The more important question is whether the primary analysis should include region as a covariate, independently of whether it is a stratification factor. In trials where regulatory submissions must be made in multiple regions, and where each regional regulatory agency will examine the trial’s primary result, including region in the primary analysis ensures that the result is not driven by regional imbalance and that the estimate is interpretable as an average effect across regions rather than the effect in the largest or most influential region. This is a pre-specification decision that should be addressed in the protocol and SAP, whether or not region is formally a stratification factor.
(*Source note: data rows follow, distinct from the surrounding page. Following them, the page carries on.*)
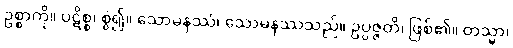
ဥစ္စာကို။ ပဋိစ္စ၊ စွဲ၍။ သောမနဿံ၊ သောမနဿသည်။ ဥပ္ပဇ္ဇတိ၊ ဖြစ်၏။ တသ္မာ၊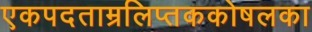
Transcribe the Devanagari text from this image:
एकपदताम्रलिप्तककोषलका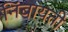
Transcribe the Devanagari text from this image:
निंबायती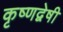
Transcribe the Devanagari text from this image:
कृष्णद्वेषी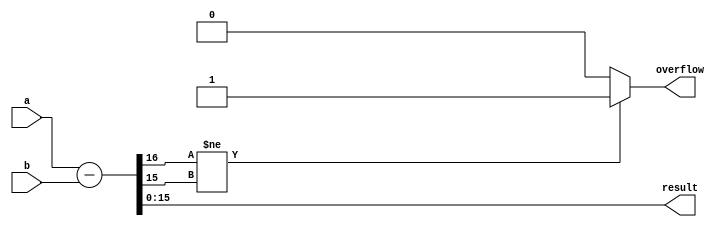
module fixed_point_subtractor(
    input signed [15:0] a,
    input signed [15:0] b,
    output reg signed [15:0] result,
    output reg overflow
);

reg signed [16:0] temp;

always @(*) begin
    temp = {1'b0, a} - {1'b0, b}; // perform subtraction with sign extension
    if(temp[16] != temp[15]) begin
        overflow = 1'b1; // set overflow flag if signs are different
    end else begin
        overflow = 1'b0;
    end
    result = temp[15:0]; // output result
end

endmodule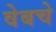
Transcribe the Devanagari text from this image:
वेबचे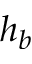
h _ { b }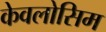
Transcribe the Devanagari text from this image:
केवलोसिम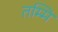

What this section demands before proceeding

The stratification factors must be specified before enrollment begins, with the rationale for each factor documented: why this factor is prognostic, why it must be balanced across arms, and why the expected benefit of stratification justifies the operational complexity.

The ascertainment procedure for each factor must be specified at the same level of detail. Who assesses the factor, at what time relative to randomization, with what criteria, and what happens when the assessment is ambiguous or delayed. The handling of misascertainment must be pre-specified: analyze according to the stratum as randomized, not the stratum as corrected.

The primary analysis must be pre-specified to include the stratification factors, with the specific model form documented. And the relationship between stratification and any planned subgroup analysis must be explicitly addressed: if a stratification factor is also the basis for a pre-specified subgroup analysis, the subgroup analysis requires its own power calculation, multiplicity control, and estimand specification, independent of the stratification.

The stratification is a commitment. What it commits to—balanced arms on known prognostic factors, efficient primary analysis, pre-specified handling of misascertainment—must be documented before enrollment begins, not rationalized after the data are seen.

References: Kernan et al., “Stratified Randomization for Clinical Trials,” J Clin Epidemiol 1999; Pocock and Simon, “Sequential Treatment Assignment with Balancing for Prognostic Factors in the Controlled Clinical Trial,” Biometrics 1975; Kahan and Morris, “Reporting and Analysis of Trials Using Stratified Randomisation in Leading Medical Journals,” BMJ 2012; EMA Guideline on Adjustment for Baseline Covariates in Clinical Trials (2023).